For the sake of contradiction,suppose $N$ is odd,which implies that all of its divisors are odd. So,all $d_{1},d_{2},d_{3},d_{4}$ are odd and hence their squares are odd too. But, sum of $4$ odd numbers is always even,which implies $N$ is even which disturbs our assumption. So, $d_{2}=2.$ $\Rightarrow N=5+d_{3}^{2} + d_{4}^{2}.$

Again for the sake of contradiction,suppose

$(i)$ Both $d_{3}$ and $d_{4}$ are odd $\Rightarrow d_{3}^{2},d_{4}^{2} \equiv 1(mod4), \Rightarrow d_{3}^{2}+d_{4}^{2}+5 \equiv 7 (mod4), \Rightarrow N \equiv 3 (mod4),\Rightarrow N \equiv 1(mod2)$ Contradiction!, because as $d_{2}=2$ , $N$ is even. By the same method we can that both $d_{3}$ and $d_{4}$ cannot be both even.

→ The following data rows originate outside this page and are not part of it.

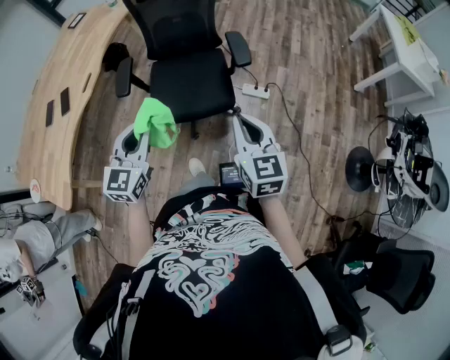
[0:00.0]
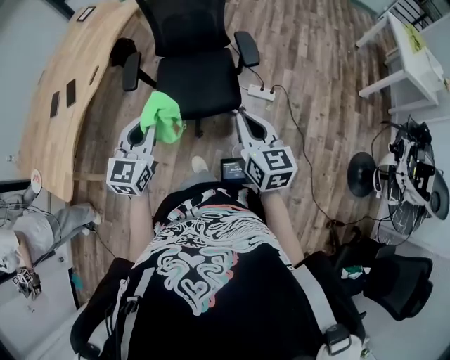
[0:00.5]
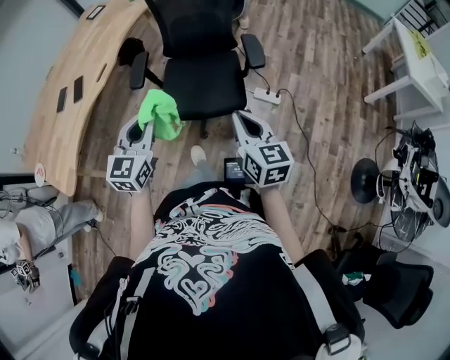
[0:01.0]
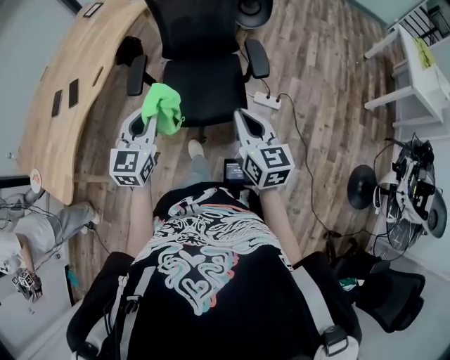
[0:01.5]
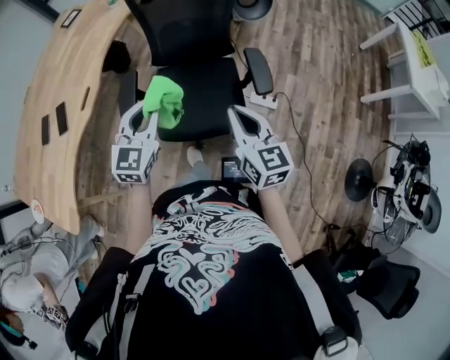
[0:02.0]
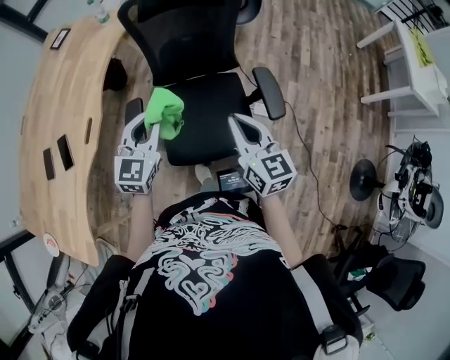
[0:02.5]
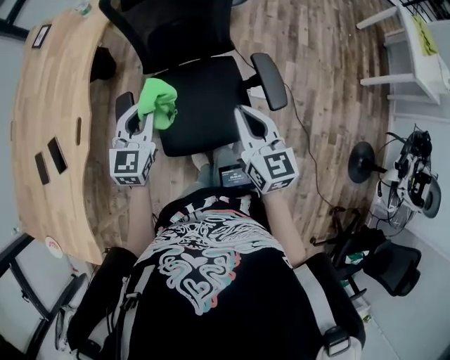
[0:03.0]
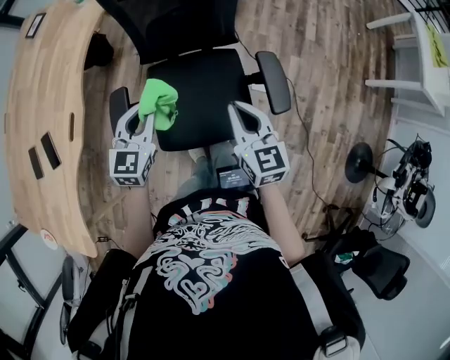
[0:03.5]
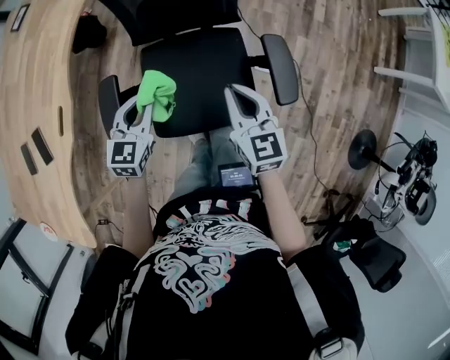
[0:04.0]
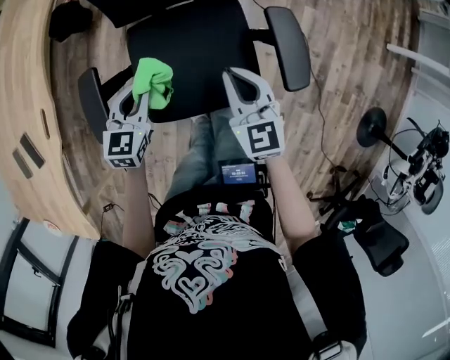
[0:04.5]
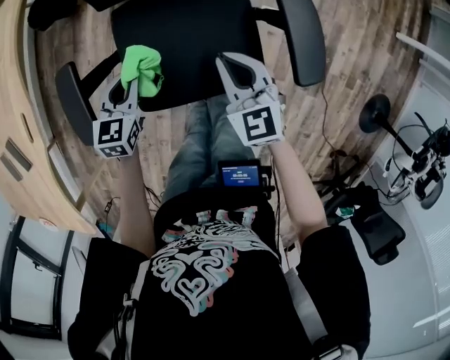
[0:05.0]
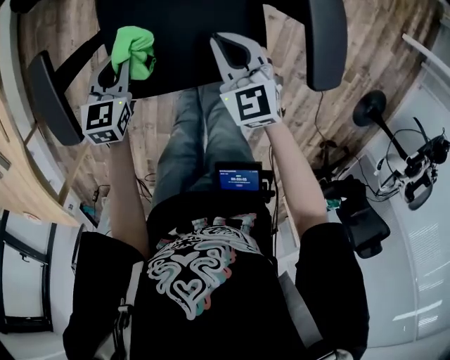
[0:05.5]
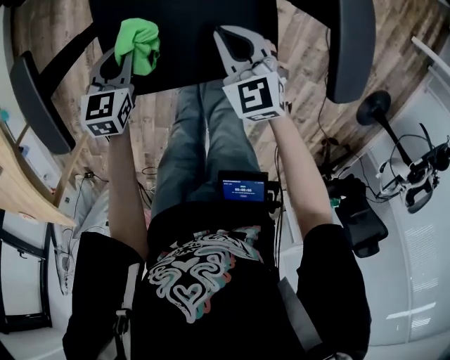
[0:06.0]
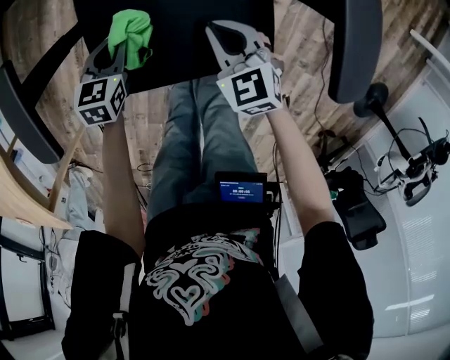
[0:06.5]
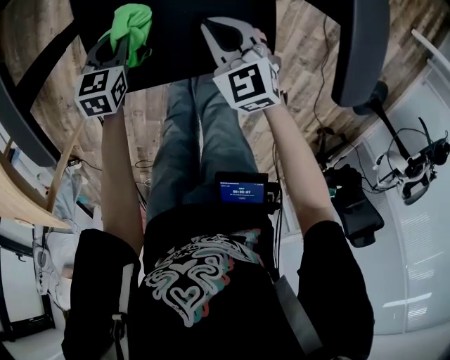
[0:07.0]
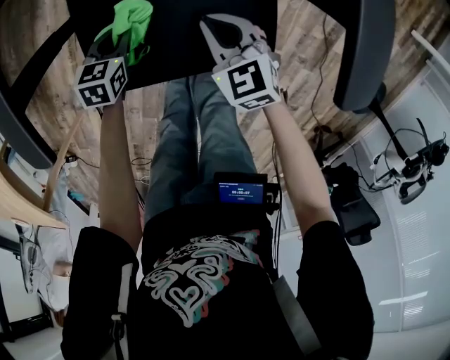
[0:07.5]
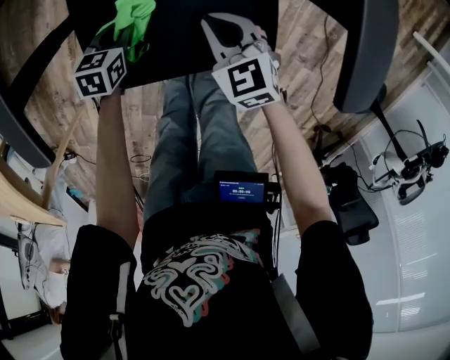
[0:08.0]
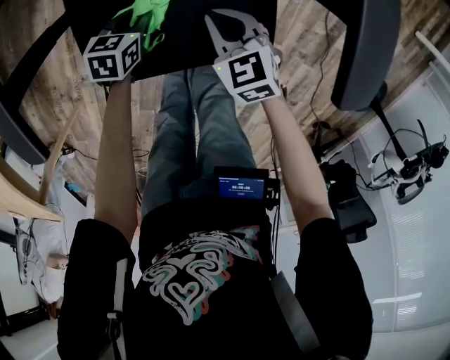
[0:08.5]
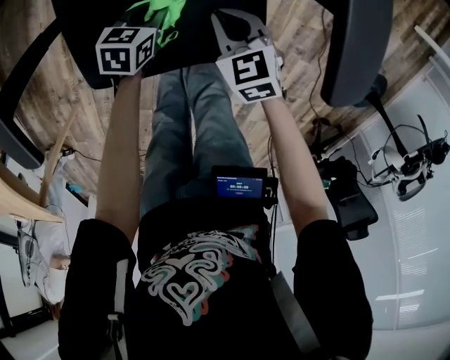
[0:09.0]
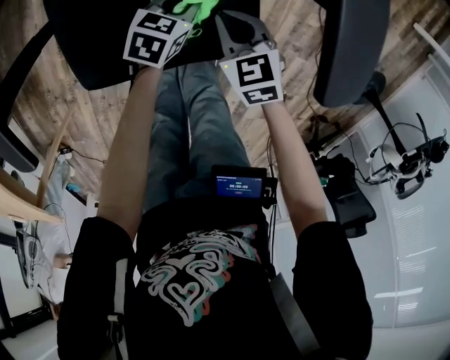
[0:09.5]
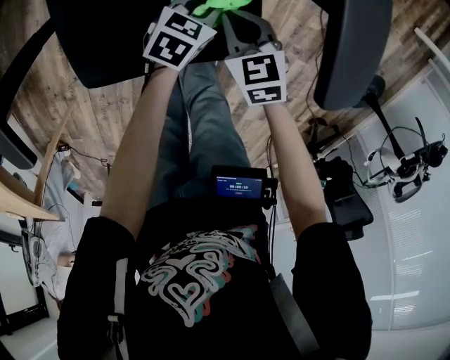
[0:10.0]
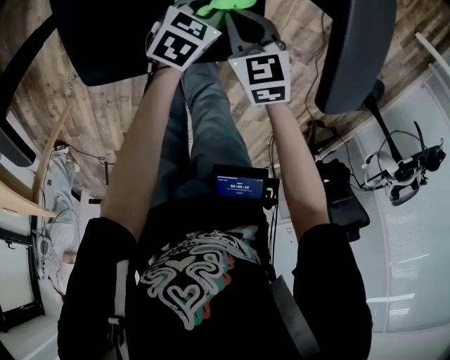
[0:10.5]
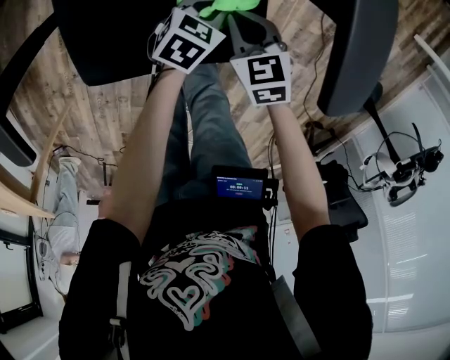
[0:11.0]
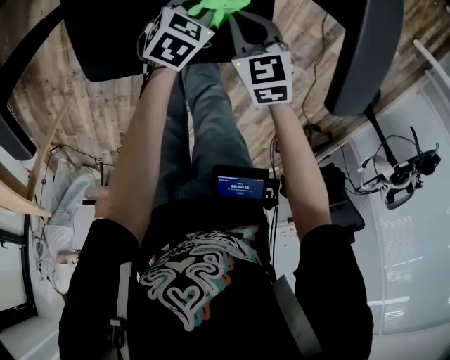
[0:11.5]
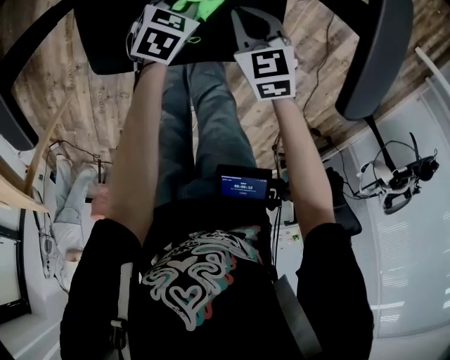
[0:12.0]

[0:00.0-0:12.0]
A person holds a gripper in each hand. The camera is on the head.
0:00.0 to 0:02.0: The two grippers go some 20 cm forward.
0:02.0 to 0:04.0: The left gripper shifts about 25 cm downward and forward, and turns by approximately 20 degrees. Meanwhile the right gripper goes approximately 25 cm forward and downward.
0:04.0 to 0:06.0: The grippers both shift downward by approximately 30 cm. The right gripper swivels roughly 30 degrees, while the left gripper changes its angle by about 20 degrees.
0:06.0 to 0:08.0: The right gripper changes place by roughly 5 cm; the left gripper heads downward, covering some 10 cm.
0:08.0 to 0:10.0: The right gripper goes approximately 5 cm to the right. Meanwhile the left gripper is displaced to the right by about 20 cm, and changes its angle by about 30 degrees.
0:10.0 to 0:12.0: The left gripper goes roughly 10 cm to the left.

The above proof shows that one of $d_{3}$ and $d_{4}$ is even and the other one is odd. Suppose $d_{3}$ is even,then $d_{3}=4.$ So, $d_{4}$ is an odd prime. $N=21+d_{4}^{2} \equiv 2 (mod4)$ ,but $N$ is a multiple of 4.So $d_{3}$ is odd and $d_{4}$ is even.

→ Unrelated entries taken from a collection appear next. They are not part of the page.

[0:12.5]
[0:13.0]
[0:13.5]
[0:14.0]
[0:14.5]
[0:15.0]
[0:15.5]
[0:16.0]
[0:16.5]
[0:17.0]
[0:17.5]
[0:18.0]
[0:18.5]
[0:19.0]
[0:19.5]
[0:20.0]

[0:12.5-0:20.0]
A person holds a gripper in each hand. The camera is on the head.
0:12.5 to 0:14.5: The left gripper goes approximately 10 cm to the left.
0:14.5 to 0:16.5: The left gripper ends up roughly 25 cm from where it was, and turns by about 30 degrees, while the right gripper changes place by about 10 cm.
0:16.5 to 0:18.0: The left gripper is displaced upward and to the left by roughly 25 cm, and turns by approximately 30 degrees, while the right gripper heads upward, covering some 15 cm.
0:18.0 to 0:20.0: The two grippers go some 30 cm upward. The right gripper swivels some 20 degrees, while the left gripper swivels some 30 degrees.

As $d_{3} > d_{2}$ , $d_{3} = p$ ,a prime.And as $d_{4}$ is even,it can be either a power of $2$ or $2p$ .Suppose $d_{4}$ is a power of $2.$ Again by checking modulo 4, we get a contradiction. So $d_{4} = 2p.$ $\Rightarrow N=5+5p^{2} \equiv 0 (mod5)$ $\Rightarrow p=5$ So we get $d_{1}=1,d_{2}=2,d_{3}=5,d_{4}=10$ So $N=\boxed{130}.$

If $N$ is odd, then $d_1,d_2,d_3,d_4$ are all odd and $N = d_1^2+d_2^2+d_3^2+d_4^2$ will be even which is a contradiction. Hence, $N$ is even and $d_2=2$ . Now, for $N$ to be even, exactly one of $d_3$ and $d_4$ must be even.

Since exactly two of $d_i$ must be odd, and odd squares give a remainder of 1 when divided by 4, thus $N = d_1^2+d_2^2+d_3^2+d_4^2 \equiv 1+0+1+0 \equiv 2 \pmod{4}$ . Therefore, $N$ is not divisible by 4. [Note: This step is often missed, and it's very important later that $4 \not \mid N$ . - Calvin]

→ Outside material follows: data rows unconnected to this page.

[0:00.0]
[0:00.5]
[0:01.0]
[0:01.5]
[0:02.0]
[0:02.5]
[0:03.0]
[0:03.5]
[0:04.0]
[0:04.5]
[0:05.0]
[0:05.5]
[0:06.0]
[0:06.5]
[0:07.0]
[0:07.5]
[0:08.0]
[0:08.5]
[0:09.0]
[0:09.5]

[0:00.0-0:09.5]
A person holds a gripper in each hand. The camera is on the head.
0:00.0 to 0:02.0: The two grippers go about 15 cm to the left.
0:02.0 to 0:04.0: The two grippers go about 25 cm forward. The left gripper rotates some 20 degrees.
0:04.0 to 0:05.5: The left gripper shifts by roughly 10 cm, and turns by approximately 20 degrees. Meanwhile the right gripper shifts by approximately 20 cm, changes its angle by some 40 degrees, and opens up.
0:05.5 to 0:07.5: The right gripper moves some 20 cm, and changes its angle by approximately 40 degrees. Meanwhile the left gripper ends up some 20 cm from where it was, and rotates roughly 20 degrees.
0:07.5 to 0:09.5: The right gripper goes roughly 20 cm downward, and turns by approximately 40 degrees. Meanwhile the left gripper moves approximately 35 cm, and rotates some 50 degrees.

Let the second smallest even factor of $N$ be $2k (k>1)$ . Since $4$ is not a factor of $N$ , $k>2$ . Since $k \mid N \Rightarrow d_3 = k$ and $d_4 = 2k$ since they must be the two smallest factors larger than 2. [Note: This is the step that is most often missed by students, who argue by 2 odd, 2 even case. - Calvin] Therefore, $N = 1^2+2^2+k^2+(2k)^2 = 5 + 5k^2 = 5(1+k^2) \Rightarrow 5 \mid N$ .

If $d_3=3$ then $d_4=6$ and $N = 1^2 + 2^2 + 3^2 + 6^2 = 50$ which contradicts the fact that $6$ is the 4th smallest factor since that should clearly be 5. [Note: This step was also often missed by students who said that since $5 \mid N$ , hence $d_3 = 5$ . That need not be true, especially if they didn't state that $4 \not \mid N$ , since we then could have $d_1 =1, d_2=2, d_3=3, d_4=4$ as a missing case. - Calvin]

Therefore since $3 \nmid N$ and $4 \nmid N$ , $d_3$ must be $5$ since we have shown that $N$ must be divisible by $5$ . Hence, $d_4=10$ and the only solution for $N$ is $N = 1^2 + 2^2 + 5^2 + 10^2 = 130$ . A quick check shows that this $N$ satisfies the conditions.

If $d_2 \neq 2$ , then all factors of $N$ are odd, so that $d_1,d_2,d_3,d_4$ are all odd. But that would make $N = d_1^2+d_2^2+d_3^2+d_4^2$ even! Thus we deduce that $d_2=2$ .

1. If $d_3=3$ then $N = 14 + d_4^2$ , and so $d_4|14$ . Since $N$ is even, $d_4$ must be even, and hence $d_4=14$ . But that makes $N=210$ , which has $5$ as a factor, so $d_4=14$ is not possible.

2. If $d_3=4$ then $N = 21 + d_4^2$ , and so $d_4|21$ . Thus $d_4$ is odd, and hence $N \equiv 2$ modulo $4$ , so is not divisible by $4$ . This case is not possible either.

3. Trying $d_3=5$ , we need $N = 30 + d_4^2$ and $d_4|30$ . Since $3$ is not a factor of $N$ we deduce that $d_4=10$ , and hence $N = 130$ . The factors of $130$ are $1,2,5,10,13,26,65,130$ .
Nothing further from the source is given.